China has officially launched its first offshore carbon capture, utilization and storage (CCUS) project, a major step toward low-carbon energy development at sea.
Source: Xinhua News Agency
China has officially launched its first offshore carbon capture, utilization and storage (CCUS) project, a major step toward low-carbon energy development at sea. Operated by China National Offshore Oil Corporation (CNOOC), the project is located at the Enping 15-1 platform in the Pearl River Mouth Basin.
The facility captures CO₂ produced during oil extraction, purifies and compresses it into a supercritical state, and injects it back into an undersea reservoir through a dedicated well. The process starts at an injection rate of 8 tonnes per hour and is designed to both enhance oil recovery and permanently store carbon—pioneering a closed-loop approach to offshore energy: using carbon to extract oil, and oil to lock away carbon.
Located about 200 kilometers southwest of Shenzhen in waters roughly 90 meters deep, Enping 15-1 is Asia’s largest offshore crude production platform. The surrounding cluster of oilfields can produce over 7,500 tonnes of oil per day at peak capacity. The oilfield has a high CO₂ content, which, if developed through conventional means, would bring carbon dioxide to the surface alongside crude oil—risking corrosion of offshore infrastructure and increasing emissions.

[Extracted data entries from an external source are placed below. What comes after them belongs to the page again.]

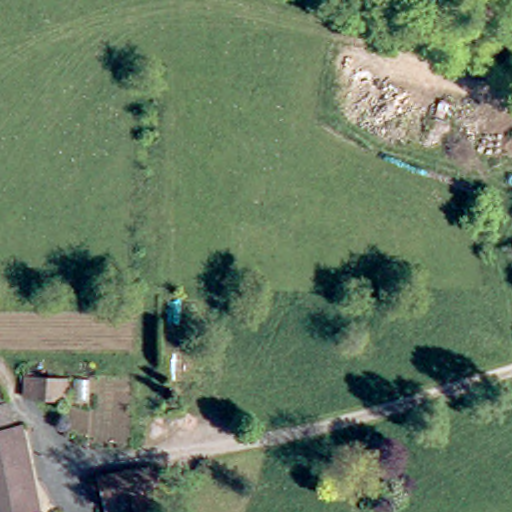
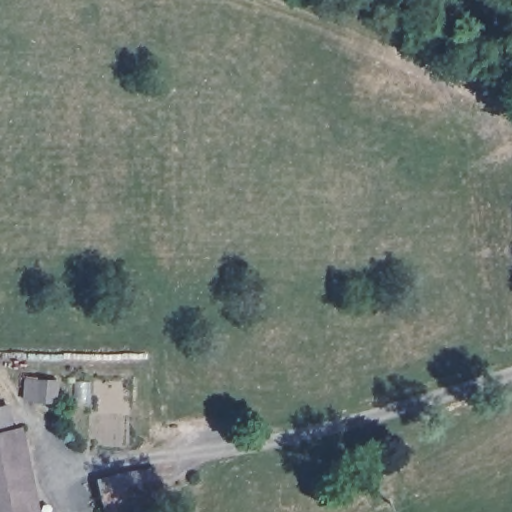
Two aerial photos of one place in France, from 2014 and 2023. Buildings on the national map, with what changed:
unchanged [(65,400),(22,396),(23,374),(66,380),(65,400)]
unchanged [(21,432),(29,430),(46,512),(0,512),(0,413),(16,409),(21,432)]
unchanged [(162,476),(168,512),(133,512),(127,482),(162,476)]
unchanged [(113,481),(114,485),(127,482),(133,512),(90,512),(83,486),(113,481)]

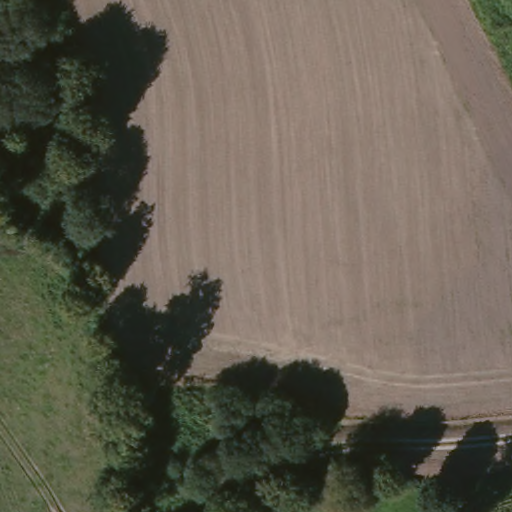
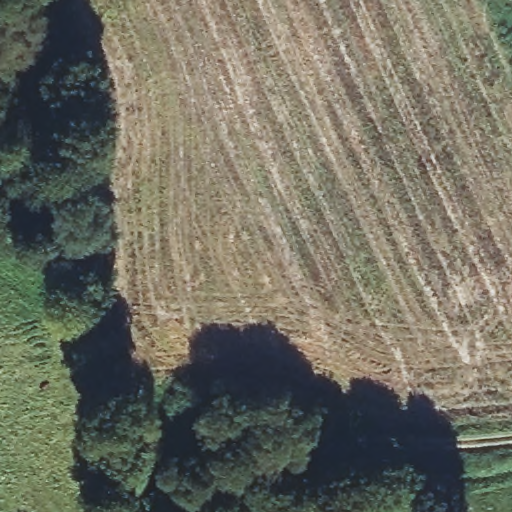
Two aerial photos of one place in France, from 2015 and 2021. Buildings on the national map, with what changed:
[]

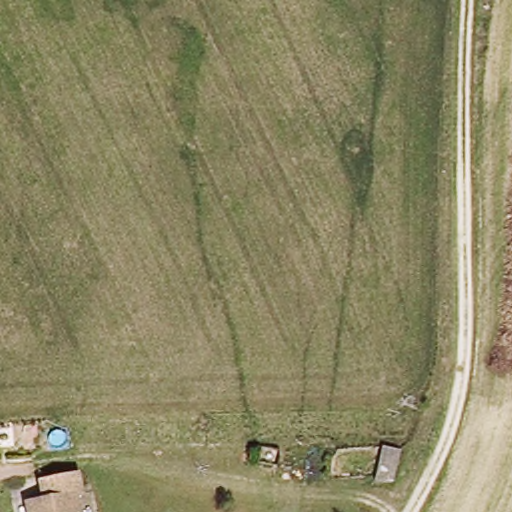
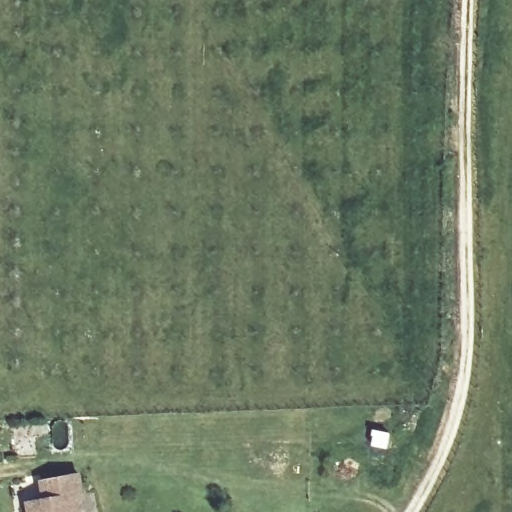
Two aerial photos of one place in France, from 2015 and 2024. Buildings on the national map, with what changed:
unchanged [(30,503),(38,502),(47,500),(43,482),(81,475),(84,494),(79,495),(82,512),(31,512),(30,503)]

While there are 65 commercial-scale CCUS projects operating worldwide, the vast majority are land-based. Offshore carbon storage remains rare and technically challenging. CNOOC spent four years developing integrated solutions across geology, reservoir modeling, drilling, and platform engineering, resulting in more than a dozen industry-first technologies. A pilot CO₂ injection program launched in June 2023 at the same site has already stored nearly 200,000 tonnes of CO₂, offering a viable decarbonization pathway for the Greater Bay Area and beyond.
“We plan to inject over 1 million tonnes of CO₂ and increase oil output by 200,000 tonnes over the next decade,” said Wan Nianhui, General Manager of the Enping operations zone. “This will play an important role in securing national energy supply while advancing China’s carbon peaking and neutrality goals.”
With ongoing equipment upgrades, CNOOC aims to raise the CO₂ injection rate to 17 tonnes per hour. At full capacity, a single well could contribute up to 15,000 tonnes of additional crude annually—reinforcing the platform’s dual role in boosting output and cutting emissions.